#### DATASET:

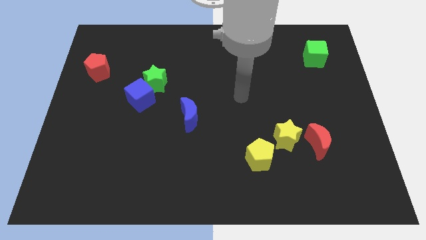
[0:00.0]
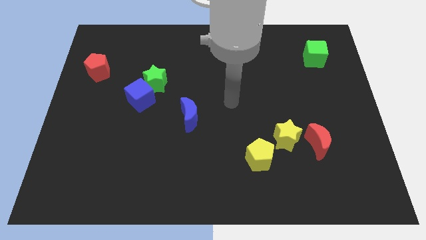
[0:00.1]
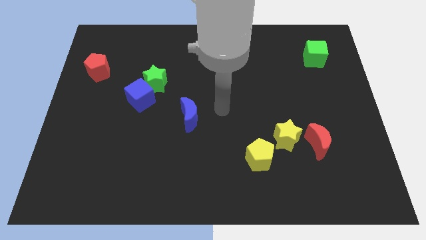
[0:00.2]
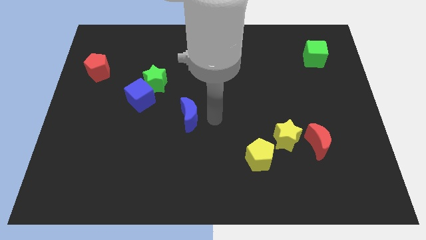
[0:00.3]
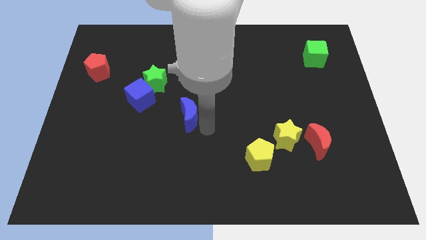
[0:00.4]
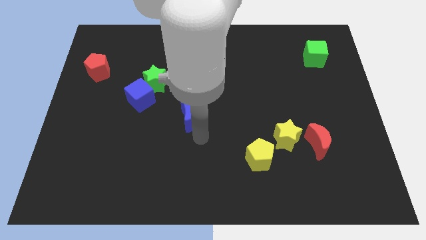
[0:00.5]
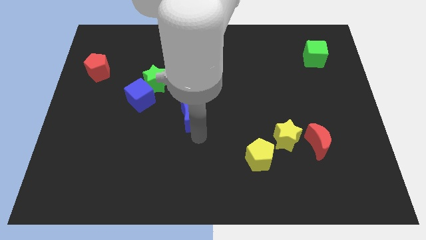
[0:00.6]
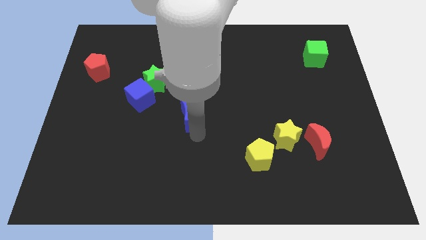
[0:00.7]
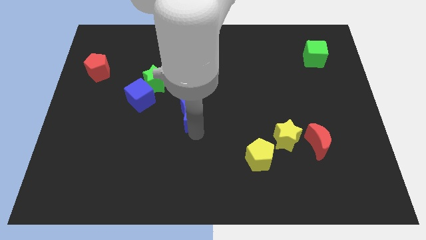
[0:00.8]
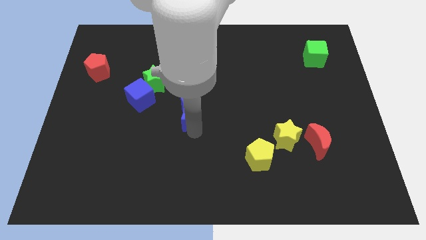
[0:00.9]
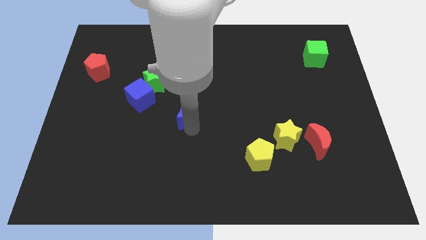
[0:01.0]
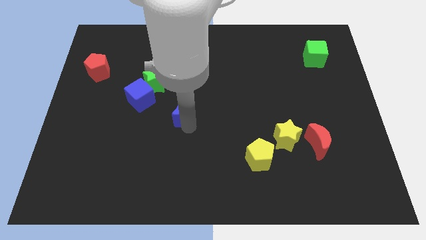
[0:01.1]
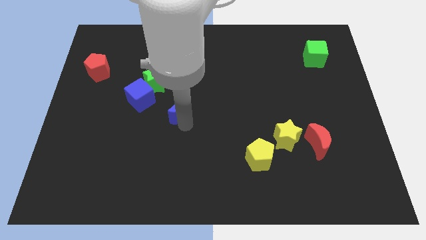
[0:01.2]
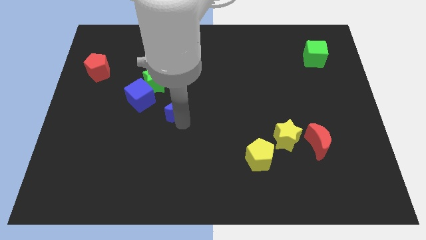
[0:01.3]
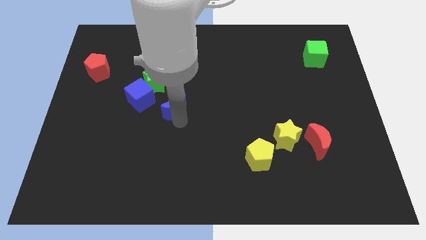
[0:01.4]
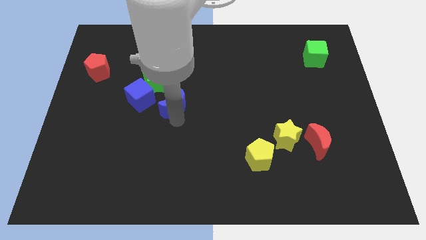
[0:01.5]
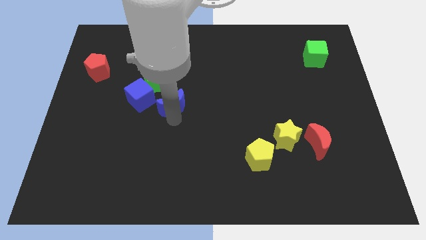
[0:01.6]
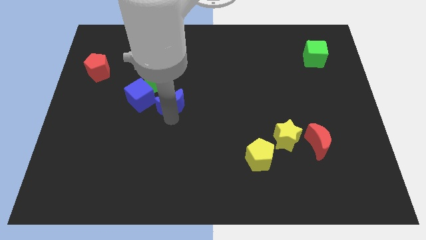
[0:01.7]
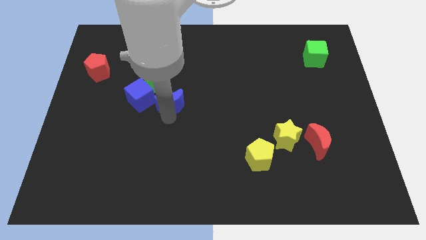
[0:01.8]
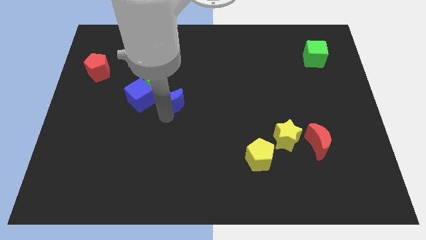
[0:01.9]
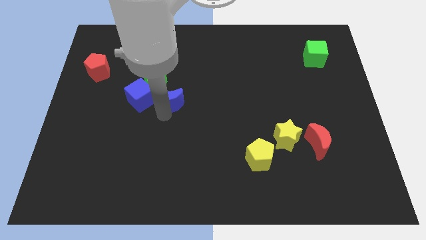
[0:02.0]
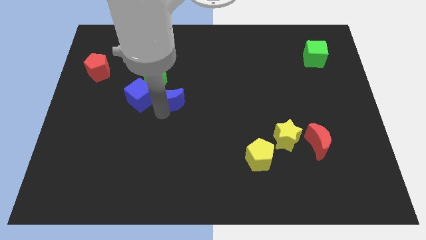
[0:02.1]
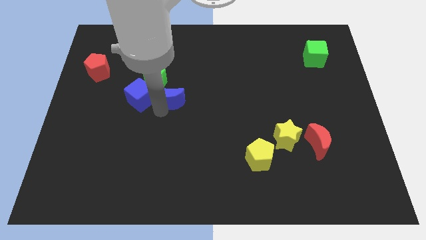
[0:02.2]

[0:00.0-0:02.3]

#### EXERCISE OBJECTIVE:
A faithful, complete copy of the entries is required, without the pictures.

#### RESULT OF THE EXERCISE:
[0:00.0]
[0:00.1]
[0:00.2]
[0:00.3]
[0:00.4]
[0:00.5]
[0:00.6]
[0:00.7]
[0:00.8]
[0:00.9]
[0:01.0]
[0:01.1]
[0:01.2]
[0:01.3]
[0:01.4]
[0:01.5]
[0:01.6]
[0:01.7]
[0:01.8]
[0:01.9]
[0:02.0]
[0:02.1]
[0:02.2]

[0:00.0-0:02.3]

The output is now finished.